Изобразительным может становиться и сокращение гласного звука. Рассмотрим пример из «Поэмы Воздуха», где ритмическая инерция текста превращает сочетание гласных [ау] в дифтонг, делая один из элементов сочетания неслоговым, что замечено М. Л. Гаспаровым (Гаспаров 1997: 183):
Чистым слухом
Или чистым звуком
Движемся?
‹…›
Паузами, промежутками
Мо́чи, и движче движкого –
Паузами, передышками
Паровика за мýчкою…
‹…›
И – не скажу, чтоб сладкими –
Паузами: пересадками
С местного в межпространственный –
Паузами, полустанками
Сердца, когда от легкого –
Ох! – полуостановками
Вздоха, – мытарства рыбного
Паузами, перерывами
То́ка, паров на убыли
Паузами, перерубами
Пульса – невнятно сказано:
Паузами – ложь, раз – спазмами
Вздоха… Дыра бездонная
Легкого, пораженного
Вечностью…
– Не все ее –
Так. Иные – смерть.
– Землеотсечение.
Кончен воздух. Твердь
(П.: 314).
Изображая преодоление земного притяжения самолетом (метафорически – душой), Цветаева звуками рисует удушие смерти, и это состояние вербализуется в сочетаниях полуостановками / Вздоха; перерывами / То́ка; перерубами / Пульса; спазмами / Вздоха; Кончен воздух, словами вечностью, смерть, землеотсечение. Регулярная пауза переноса при несовпадении ритмического членения текста с синтаксическим усиливает этот эффект на уровне сочетания слов и синтагм.

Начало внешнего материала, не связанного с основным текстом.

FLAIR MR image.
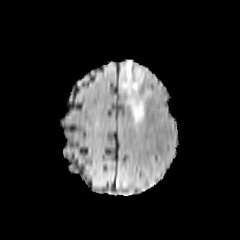
T1-weighted MR.
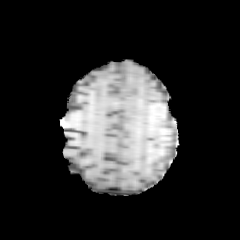
Post-contrast T1-weighted magnetic resonance.
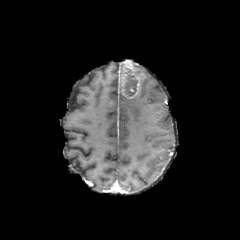
T2-weighted MR image.
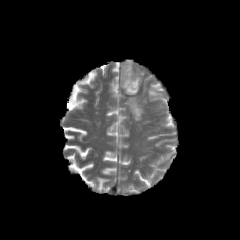
Annotated regions:
- enhancing tumor: 121 60 140 97
- non-enhancing tumor core: 123 75 137 97
- edema: 126 88 144 122

Любопытны толкования этой поэмы с разных точек зрения. М. Л. Гаспаров характеризует «Поэму Воздуха» так: «Разорванность, отрывистость, восклицательно-вопросительное оформление обрывков, перекомпоновка обрывков в параллельные группы, связанные ближними и дальними перекличками; использование двусмысленностей для создания добавочных планов значения, использование неназванностей, подсказываемых структурой контекста и фоном подтекста, – таковы основные приемы, которыми построена “Поэма воздуха”. Отчасти это напоминает (не совсем ожиданно) технику раннего аналитического кубизма в живописи, когда объект разымался на элементы, которые перегруппировывались и обрастали сложной сетью орнаментальных отголосков» (Гаспаров 1997: 186).
По мнению А. Иличевского, в этой поэме изображена «поэтическая речь как метафизический полет, траектория которого – становление поэтического духа; просодия – и воплощаемый ею акустический образ Времени; звук и звукосмысл, взятые на вершине трансцендирующего, восходящего полета – вплоть до вне-семантического предела (“апофеоз звука”)» (Иличевский 2000).

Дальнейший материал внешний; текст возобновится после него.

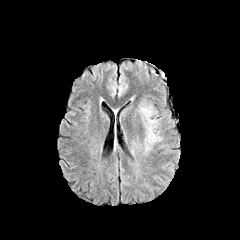
FLAIR MRI.
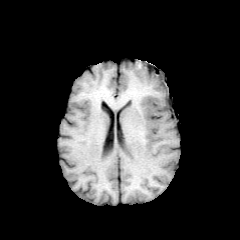
Same slice, T1-weighted MR.
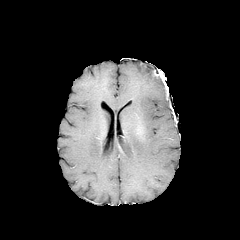
Post-contrast T1-weighted MR.
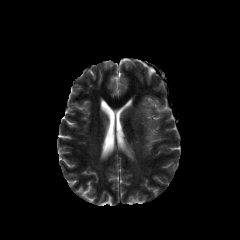
Same slice, T2-weighted MR.
Edema at (x1=139, y1=105, x2=162, y2=151).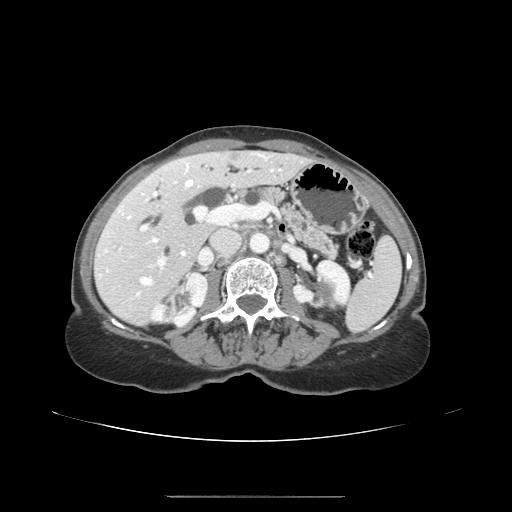
Image size 512x512 | Upper abdomen | CT scan slice
The pancreas is located at bbox(241, 187, 337, 259).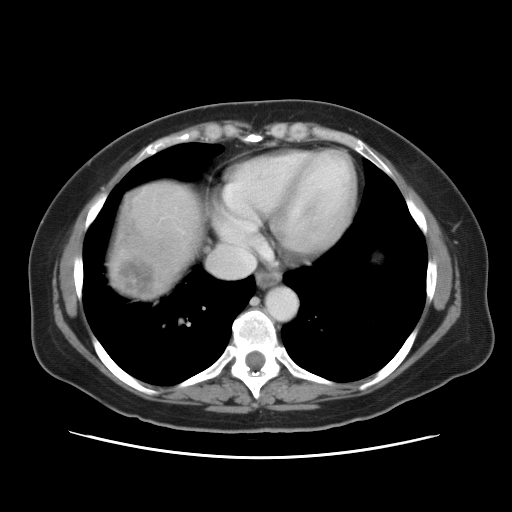

CT. Abdomen.
The vessel annotation is not exhaustive.
2 hepatic vessel regions are bounded by box=[209, 237, 256, 277]; box=[181, 231, 185, 233]. The liver tumor lies within box=[113, 192, 175, 296].

Профессиональный летчик рассказал о том, что в этой поэме Цветаева, которая никогда не летала в самолете, совершенно точно изобразила технические подробности взлета и физиологию человека в кризисные моменты преодоления скорости звука, хотя во времена Цветаевой свехзвуковых полетов еще не было (Орлов 1994).
Пауза переноса маркирует переход от прямого значения слова к метафорическому.